Adipose tissue is a primary site of obesity-induced inflammation, which is emerging as an important contributor to obesity-related diseases. The factors influencing adipose tissue-induced inflammation and the resulting pathologies remain poorly understood. However, dietary fiber diets appear to be protective, suggesting a cross-talk between the colonic metabolism and adipose tissue-induced inflammation. Short-chain fatty acids, e.g. propionic acid (PA), are the principal products of the dietary fiber fermentation by microbiota.
Materials and methods
Human omental and subcutaneous adipose tissue explants were obtained from gynaecological patients who underwent surgery. Explants were incubated for 24 h with propionic acid. Human THP-1 monocytic cells were differentiated to macrophages and incubated with LPS in the presence and absence of propionic acid. Cytokine and chemokine production were determined by multiplex ELISA, and mRNA expression of metabolic and macrophages genes was determined by RT-PCR.

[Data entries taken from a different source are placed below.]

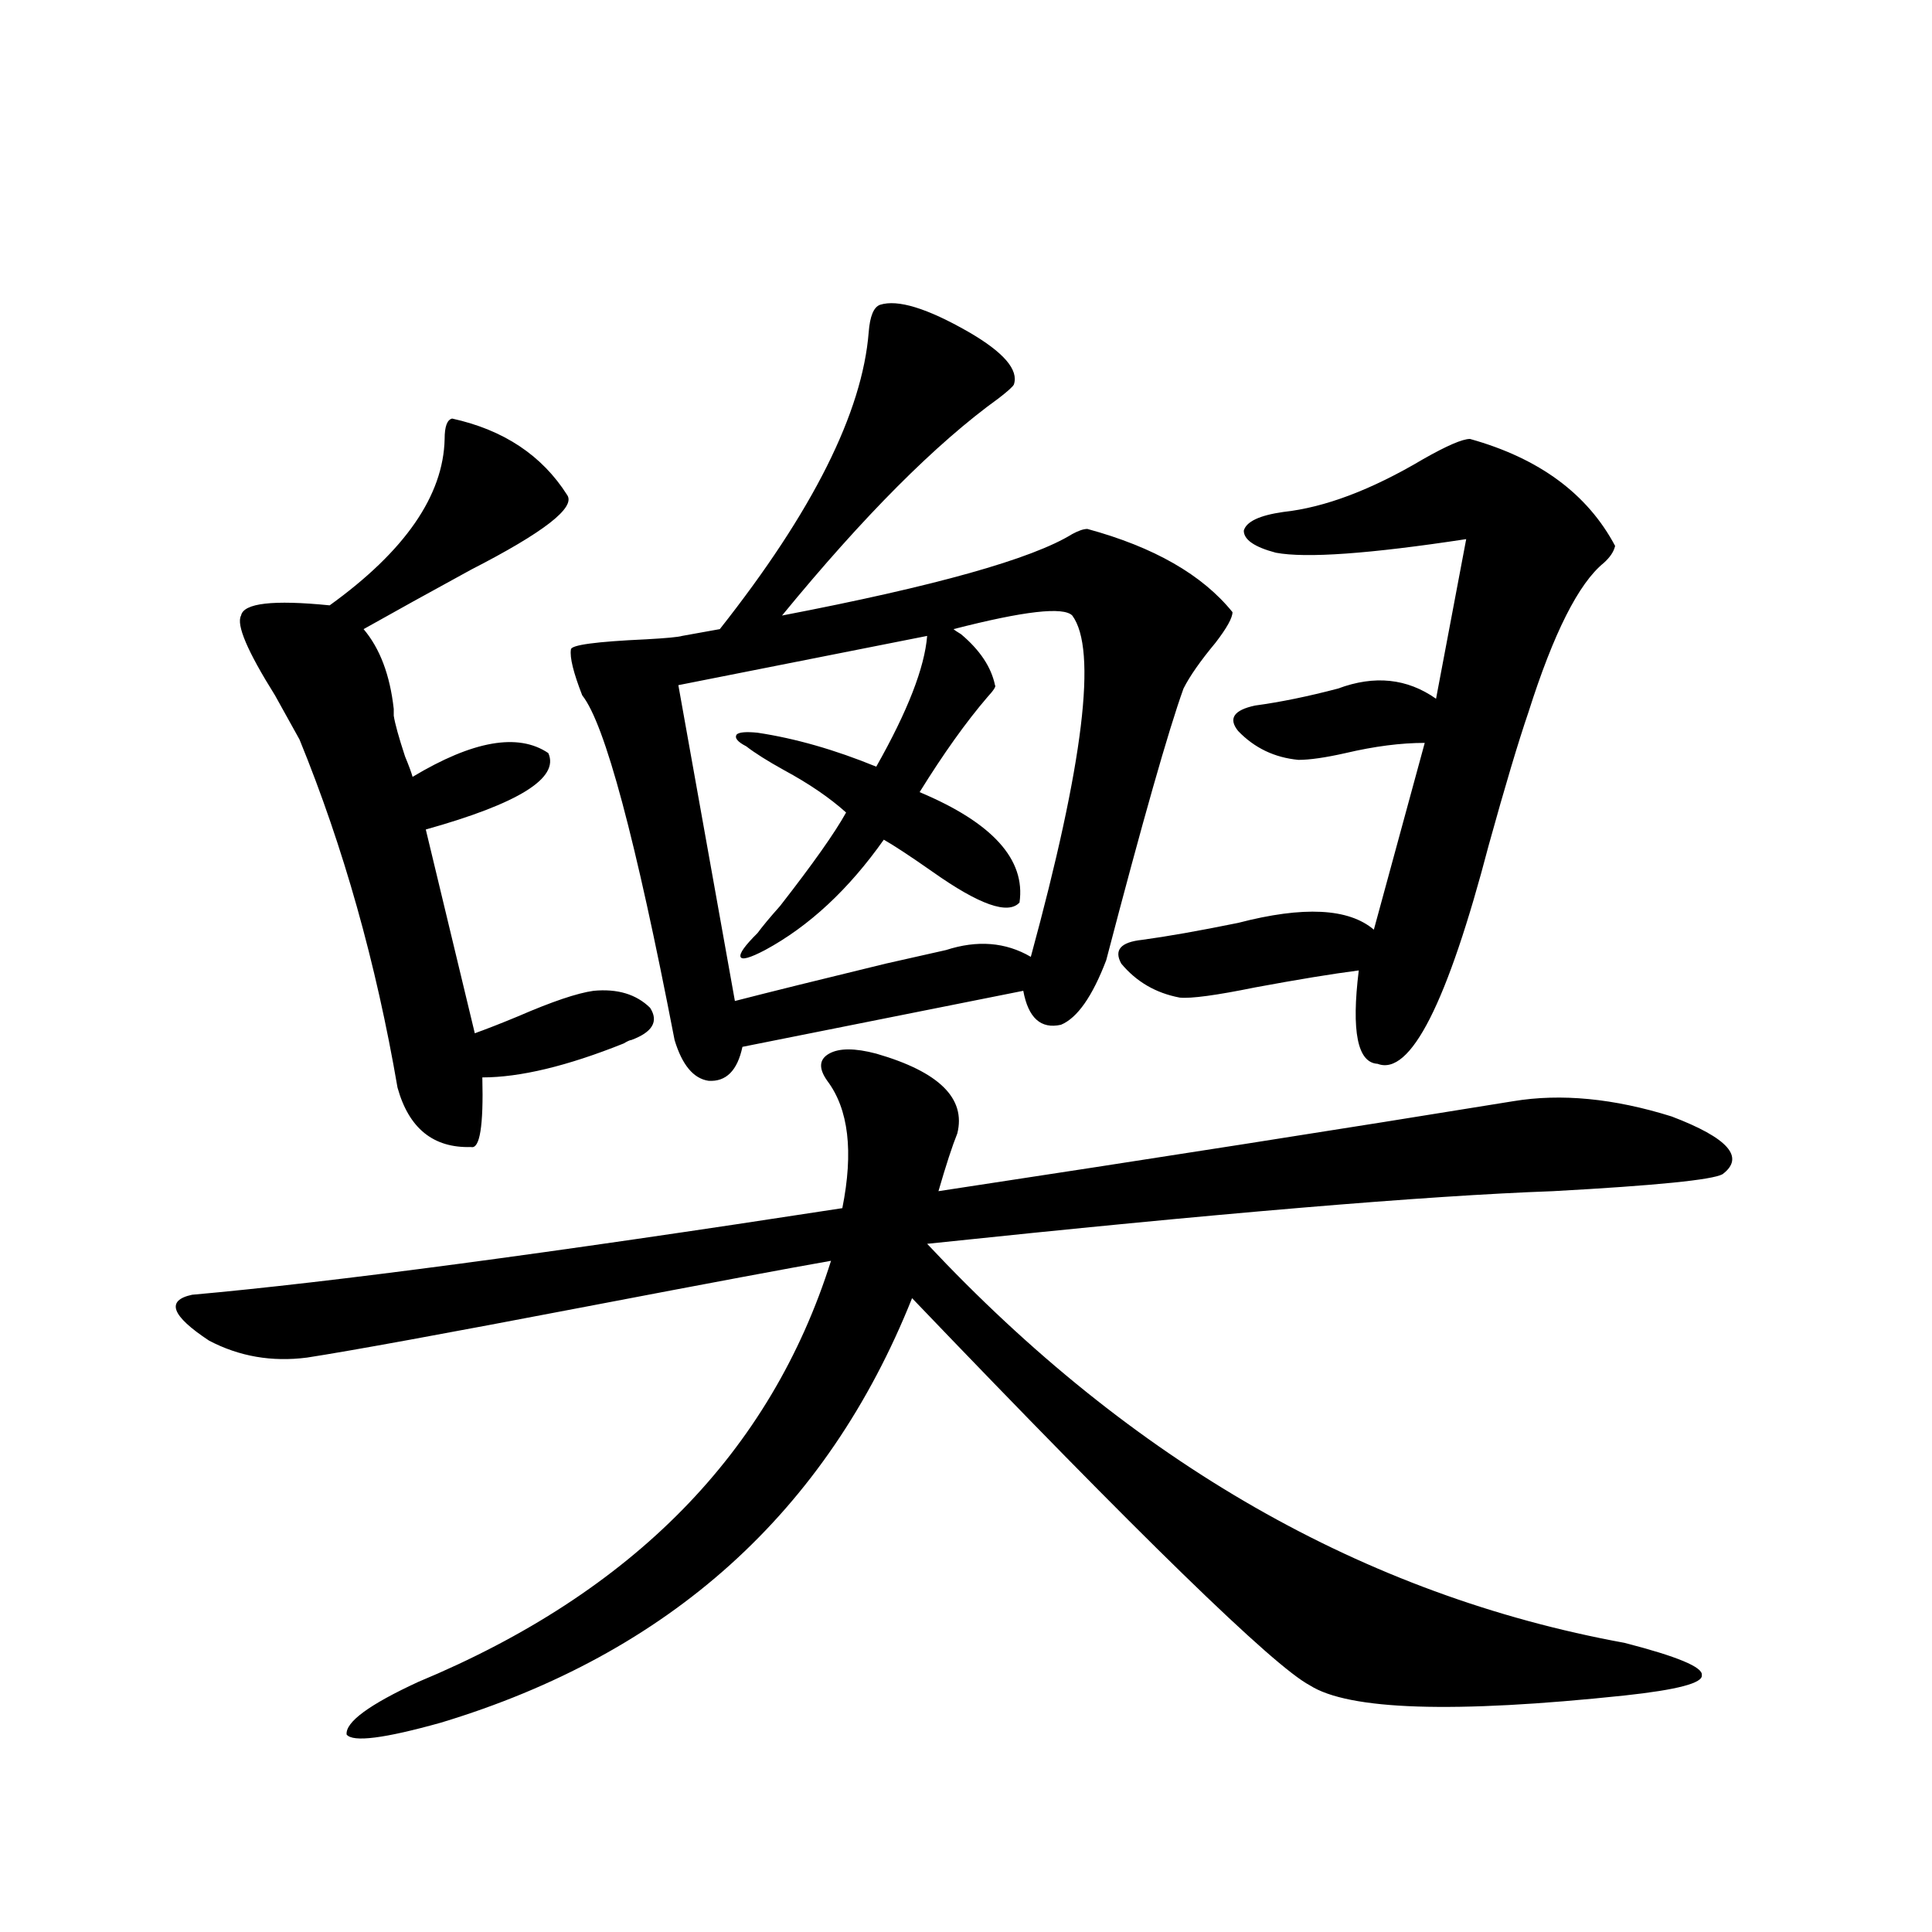 <?xml version="1.0" encoding="utf-8"?>
<!-- Generator: Adobe Illustrator 16.0.0, SVG Export Plug-In . SVG Version: 6.00 Build 0)  -->
<!DOCTYPE svg PUBLIC "-//W3C//DTD SVG 1.1//EN" "http://www.w3.org/Graphics/SVG/1.1/DTD/svg11.dtd">
<svg version="1.1" id="图层_1" xmlns="http://www.w3.org/2000/svg" xmlns:xlink="http://www.w3.org/1999/xlink" x="0px" y="0px"
	 width="1000px" height="1000px" viewBox="0 0 1000 1000" enable-background="new 0 0 1000 1000" xml:space="preserve">
<path d="M453.55,545.359c32.515,9.38,46.493,23.154,41.95,41.309c-2.606,6.455-5.854,16.411-9.756,29.883
	c111.857-16.987,211.047-32.52,297.554-46.582c24.71-4.092,52.026-1.455,81.949,7.91c29.268,11.138,38.048,21.094,26.341,29.883
	c-5.213,2.939-34.48,5.864-87.803,8.789c-65.699,2.349-173.654,11.426-323.895,27.246
	C585.895,756.888,706.227,825.73,840.857,850.34c27.316,7.031,40.64,12.594,39.999,16.699c0.641,4.093-12.683,7.608-39.999,10.547
	c-88.458,9.366-142.771,7.608-162.923-5.273c-18.871-9.97-87.482-76.753-205.849-200.391
	c-44.236,110.742-125.53,183.98-243.896,219.727c-29.268,8.199-45.532,10.245-48.779,6.152
	c-0.655-6.454,11.707-15.531,37.072-27.246c111.217-46.279,182.435-118.94,213.653-217.969
	c-20.167,3.516-62.438,11.426-126.826,23.73c-73.504,14.063-121.628,22.852-144.387,26.367c-18.216,2.349-35.121-0.576-50.73-8.789
	c-19.512-12.881-22.438-20.791-8.78-23.73c72.193-6.44,184.386-21.382,336.577-44.824c5.854-29.292,3.247-51.265-7.805-65.918
	c-4.558-6.44-4.237-11.123,0.976-14.063C434.358,542.435,442.483,542.435,453.55,545.359z M234.043,216.648
	c26.661,5.864,46.493,19.048,59.511,39.551c4.543,6.455-12.042,19.336-49.755,38.672c-21.463,11.729-39.999,21.973-55.608,30.762
	c8.445,9.971,13.658,23.73,15.609,41.309c0,1.758,0,2.939,0,3.516c0.641,4.106,2.592,11.138,5.854,21.094
	c1.951,4.697,3.247,8.213,3.902,10.547c31.219-18.745,54.633-22.852,70.242-12.305c5.854,12.896-15.289,26.079-63.413,39.551
	l25.365,105.469c6.494-2.334,13.979-5.273,22.438-8.789c17.561-7.607,30.563-12.002,39.023-13.184
	c12.348-1.167,22.104,1.758,29.268,8.789c4.543,7.031,1.296,12.607-9.756,16.699c-0.655,0-1.951,0.591-3.902,1.758
	c-29.268,11.729-53.657,17.578-73.169,17.578c0.641,25.2-1.311,37.217-5.854,36.035c-19.512,0.591-32.194-9.668-38.048-30.762
	c-11.066-64.448-27.972-124.502-50.73-180.176c-2.606-4.683-6.829-12.305-12.683-22.852c-14.313-22.852-20.167-36.611-17.561-41.309
	c1.296-6.44,16.585-8.198,45.853-5.273c39.023-28.125,58.855-56.826,59.511-86.133C230.141,220.755,231.437,217.239,234.043,216.648
	z M455.501,157.762c9.101-2.925,24.39,1.758,45.853,14.063c18.201,10.547,26.006,19.639,23.414,27.246
	c-0.655,1.182-3.262,3.516-7.805,7.031c-32.529,23.442-69.922,60.947-112.192,112.5c79.343-15.229,129.418-29.292,150.24-42.188
	c3.247-1.758,5.854-2.637,7.805-2.637c34.466,9.38,59.511,23.73,75.12,43.066c0,2.939-2.927,8.213-8.78,15.82
	c-7.805,9.38-13.338,17.29-16.585,23.73c-7.805,21.685-21.143,68.555-39.999,140.625c-7.164,18.76-14.969,29.883-23.414,33.398
	c-10.411,2.349-16.92-3.516-19.512-17.578l-145.362,29.004c-2.606,12.305-8.46,18.169-17.561,17.578
	c-7.805-1.167-13.658-8.198-17.561-21.094c-20.167-104.287-36.097-163.765-47.804-178.418c-4.558-11.714-6.509-19.624-5.854-23.73
	c0-2.334,13.003-4.092,39.023-5.273c10.396-0.576,16.585-1.167,18.536-1.758l19.512-3.516
	c48.124-60.933,73.81-112.197,77.071-153.809C450.288,163.626,452.239,158.943,455.501,157.762z M555.011,318.602
	c-4.558-4.683-25.045-2.334-61.462,7.031c0.641,0.591,1.951,1.47,3.902,2.637c9.756,8.213,15.609,17.002,17.561,26.367
	c0.641,0.591-0.655,2.637-3.902,6.152c-11.066,12.896-22.773,29.307-35.121,49.219c37.713,15.82,54.953,34.868,51.706,57.129
	c-5.854,6.455-20.822,1.182-44.877-15.82c-11.707-8.198-20.167-13.76-25.365-16.699c-18.216,25.791-38.703,44.824-61.462,57.129
	c-7.805,4.106-12.042,5.273-12.683,3.516c-0.655-1.758,2.271-5.85,8.78-12.305c2.592-3.516,6.494-8.198,11.707-14.063
	c16.905-21.67,28.292-37.793,34.146-48.34c-8.46-7.607-19.191-14.941-32.194-21.973c-8.46-4.683-14.969-8.789-19.512-12.305
	c-4.558-2.334-6.188-4.395-4.878-6.152c1.296-1.167,4.878-1.455,10.731-0.879c19.512,2.939,39.999,8.789,61.462,17.578
	c16.25-28.701,25.03-51.265,26.341-67.676l-128.777,25.488l29.268,163.477c18.201-4.683,44.222-11.123,78.047-19.336
	c15.609-3.516,26.006-5.85,31.219-7.031c16.25-5.273,30.884-4.092,43.901,3.516C560.864,395.066,568.014,336.18,555.011,318.602z
	 M760.859,227.195c35.762,9.971,60.807,28.428,75.12,55.371c-0.655,2.939-2.606,5.864-5.854,8.789
	c-13.018,10.547-26.021,36.338-39.023,77.344c-5.213,15.244-12.042,38.096-20.487,68.555
	c-21.463,82.041-40.654,119.834-57.56,113.379c-10.411-0.576-13.658-16.699-9.756-48.34c-13.658,1.758-31.554,4.697-53.657,8.789
	c-20.167,4.106-33.17,5.864-39.023,5.273c-12.362-2.334-22.438-8.198-30.243-17.578c-3.902-7.031-0.335-11.123,10.731-12.305
	c13.003-1.758,29.588-4.683,49.755-8.789c33.811-8.789,57.225-7.607,70.242,3.516l26.341-96.68c-12.362,0-26.021,1.758-40.975,5.273
	c-10.411,2.349-18.536,3.516-24.39,3.516c-12.362-1.167-22.773-6.152-31.219-14.941c-5.213-6.44-2.286-10.835,8.78-13.184
	c13.003-1.758,27.316-4.683,42.926-8.789c18.856-7.031,35.762-5.273,50.73,5.273l15.609-82.617
	c-50.09,7.622-82.925,9.971-98.534,7.031c-11.066-2.925-16.585-6.729-16.585-11.426c1.296-4.683,8.125-7.91,20.487-9.668
	c21.463-2.334,45.518-11.426,72.193-27.246C748.817,230.711,756.957,227.195,760.859,227.195z"/>
</svg>

Here we showed that the treatment of human adipose tissue with PA resulted in a significant downregulation of several inflammatory parameters (e.g. TNF-α and CCL5). Furthermore, PA positively influenced factors associated with insulin sensitivity, lipogenesis and glucose uptake (e.g. lipoprotein lipase and GLUT4). Similar effects on cytokine and chemokine production by macrophages were also observed. PA mediated its effects via G-protein coupled receptor signaling pathways (Gi/o-dependent and –independent pathways).
Propionic acid, normally produced in the colon, may have a direct beneficial effect on adipose tissue, such as reducing obesity-associated inflammation and increasing lipogenesis and glucose uptake. Effects on adipose tissue as a whole are at least partially explained by effects on macrophages but likely also adipocytes are involved. This suggests that, in vivo, propionic acid and dietary fibres may have potential in preventing obesity-related inflammation and associated diseases.